Si un jour on m’avait dit que je mangerais de la panse de brebis… j’aurais ri.
Faut dire que j’ai déjà du mal avec la mienne, de panse – alors rien que l’idée de m’imaginer ingurgiter celle d’un ingénu petit ovin me donne le tournis. Cela dit, s’il y eût bien un jour dans ma vie où il fallut que je m’abandonne aveuglément à la cuisine d’un chef sans à-priori, c’était celui-ci.
Il y a quelques midis, je déjeunais au Plaza. Alain Ducasse y organisait sa cinquième «rencontre essentielle» et invitait alors le prodige écossais Tom Kitchin à prendre les rennes des cuisines. En arrivant au Plaza, je suis d’abord tombée amoureuse du lustre. En goûtant à la cuisine de Tom Kitchin, j’ai réévalué mes priorités.
Ca commence par un divin saumon fumé, mariné toute une nuit au sucre et au sel, servi avec des couteaux de haute-voltige et arrosé d’un Riesling 2010 Grand Cru. Et v’la qu’arrive la panse de brebis, véritable clou du repas. Sans le cérémonial écossais kilt/cornemuses and co, faut dire que la coquine aurait presque pu passer inaperçue. Mais c’est que c’est vachement bon, la panse, cuisinée comme ça… un dressage si fin qu’il rend le plat presque aérien. Le nuage passe. On dirait de la paupiette.
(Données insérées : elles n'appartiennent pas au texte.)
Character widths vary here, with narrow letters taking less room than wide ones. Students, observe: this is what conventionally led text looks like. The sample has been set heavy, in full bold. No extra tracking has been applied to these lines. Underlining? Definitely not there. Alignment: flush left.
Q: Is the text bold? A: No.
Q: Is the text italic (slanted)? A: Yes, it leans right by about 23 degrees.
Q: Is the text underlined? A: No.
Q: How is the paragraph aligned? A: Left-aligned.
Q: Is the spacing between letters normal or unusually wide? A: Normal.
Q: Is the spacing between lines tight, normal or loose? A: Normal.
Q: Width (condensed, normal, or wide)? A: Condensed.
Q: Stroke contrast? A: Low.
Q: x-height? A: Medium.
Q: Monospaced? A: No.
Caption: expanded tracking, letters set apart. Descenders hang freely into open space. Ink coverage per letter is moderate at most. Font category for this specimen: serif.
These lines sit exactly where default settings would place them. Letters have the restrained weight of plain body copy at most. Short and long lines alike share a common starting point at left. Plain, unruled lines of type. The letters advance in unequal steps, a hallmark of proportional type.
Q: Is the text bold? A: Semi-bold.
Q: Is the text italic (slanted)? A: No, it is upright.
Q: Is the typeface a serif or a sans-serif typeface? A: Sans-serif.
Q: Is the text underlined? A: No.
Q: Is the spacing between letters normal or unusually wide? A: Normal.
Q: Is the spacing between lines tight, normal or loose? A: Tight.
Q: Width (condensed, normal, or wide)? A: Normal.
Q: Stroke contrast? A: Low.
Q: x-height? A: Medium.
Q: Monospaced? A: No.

En premier plat, un bouillon iodé de coquillages et crustacés : chaque cuillérée me caresse le palais, je sens la brise délicate de la marée. Et avec un Pessac Leognan 2010 château Lespault-Martillac en accompagnement, que demande l’assemblée…
Lorsque l’on goûte à la tendresse du jarret de bœuf de Tom, on pAnse à la patience qu’il a mise dans ce plat. L’os à moelle est à se damner et la technique d’assemblage et des cuissons semblent bien inspirées du Louis XV à Monaco, où Tom fit ses armes avant l’ouverture de son propre resto «The Kitchin», au Nord d’Edimburgh.
En dessert, pas de regret pour les pâtisseries de Christophe Michalak : Tom nous servit un cheescake rhubarbe/fraises des bois monté au Crowdie, un fromage des Highland. Comme un mirage, une incarnation de la perfection : la juste-note entre le crémeux et l’acidulé. Je baille déjà.
Nous finîmes sur quelques chocolats pralinés de la manufacture Alain Ducasse (qui mirent en émoi toutes les damoiselles de la table,) et nous allâmes nous coucher. Dans nos rêves.